The Moon Rises, the Phillies Season Sets

1.) I finally got to see Wes Anderson’s new film “Moonrise Kingdom” yesterday and let me just say that it was well worth the wait. That movie was incredible, 4 stars 4 sure. But then again, I love practically all (I’m looking at you Darjeeling Limited) of Wes Anderson’s movies so maybe I’m not the best person to go to for an unbiased opinion.

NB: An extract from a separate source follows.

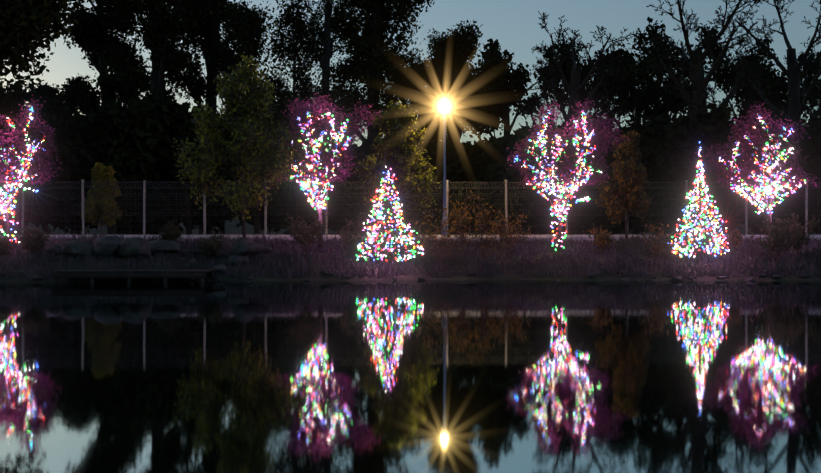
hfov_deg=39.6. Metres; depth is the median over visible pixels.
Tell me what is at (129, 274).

It’s too early to say that it’s definitely his best movie, but I think that it’s in the conversation. Royal Tenenbaums still probably holds the crown though in my opinion (it’s hard to beat lines like:  “Hell of a damn grave. Wish it were mine.”  “Look at that old Grizzly Bear.” “Anybody interested in grabbing a couple of burgers and hittin’ the cemetery?”  “I’m very sorry for your loss. Your mother was a terribly attractive woman” and of course “Well, everyone knows Custer died at Little Bighorn. What this book presupposes is… maybe he didn’t.”)

Yeah, now that I go through the quotes, I think the Tenenbaums still takes it.

2.) Speaking of good movies, you should check out “Jeff, Who Lives at Home.” It is a really feel good movie that stars Jason Segel, Ed Helms and Susan Sarandon. It is also directed and written by the Duplass brothers, and I am sure that most of the Headrush readers will recognize Mark Duplass as Pete Eckhart from FX’s hilarious fantasy football show “The League.”  I was surprised to find out that he writes and directs movies with his brother, but it turns out that this is the 6th movie they’ve directed together so I guess I’m a little late to the party.

3.) Alright here is my solution for fixing the Phillies:

a.) Trade Cole Hamels. Look, he’s their best player, I get that.  But he’s gone after this season. The Phillies have too much money tied up in over the hill/mediocre pitchers to make him an offer that the likes of the Yankees, or really, any team in baseball can offer him once he becomes a free agent.  So they need to trade him to get some top prospects to replenish the farm system that their idiot GM has pissed away on the likes of Hunter Pence. Then again, this is the same guy who traded Cliff Lee FOR A BAG OF MAGIC BEANS so maybe we don’t really want him dealing for prospects, eh?

b.) Trade Shane Victorino.  It’s time for that Hawaiian to fly somewhere else. Again, get some prospects or some bullpen help.

c.) Fire Juan Samuel.  Seriously, this guy is turrrrible. How in the world do you get run over by your own player?  And then look PISSED at that player for running you over?  Note to Samuel: GET THE F OUT OF THE WAY!

4.) I love how Lou Williams OPTS OUT of his contract and then tweets about how the Sixers chose to go in another direction. I’m gonna miss the boss and his boss way of thinking. I’m also going to miss Elton Brand, but come on, that guy is not worth 18 million.


  • If only we could get a bag of magic beans for Juan Samuel — worst third base coach in the history of the game. Beyond the Pence collision, there was the one where he sent a guy home on a short pop to left field and had him thrown out at the plate by a Charlie Brown-like margin. But then, THESE are the Phillies I’ve spend most of my life with — the “so bad they’re hard to watch” Phillies. Good luck with that sellout streak, Ruben.

  • Lou Williams…. good riddance, Elton Brand…. I wish we didn’t over pay you.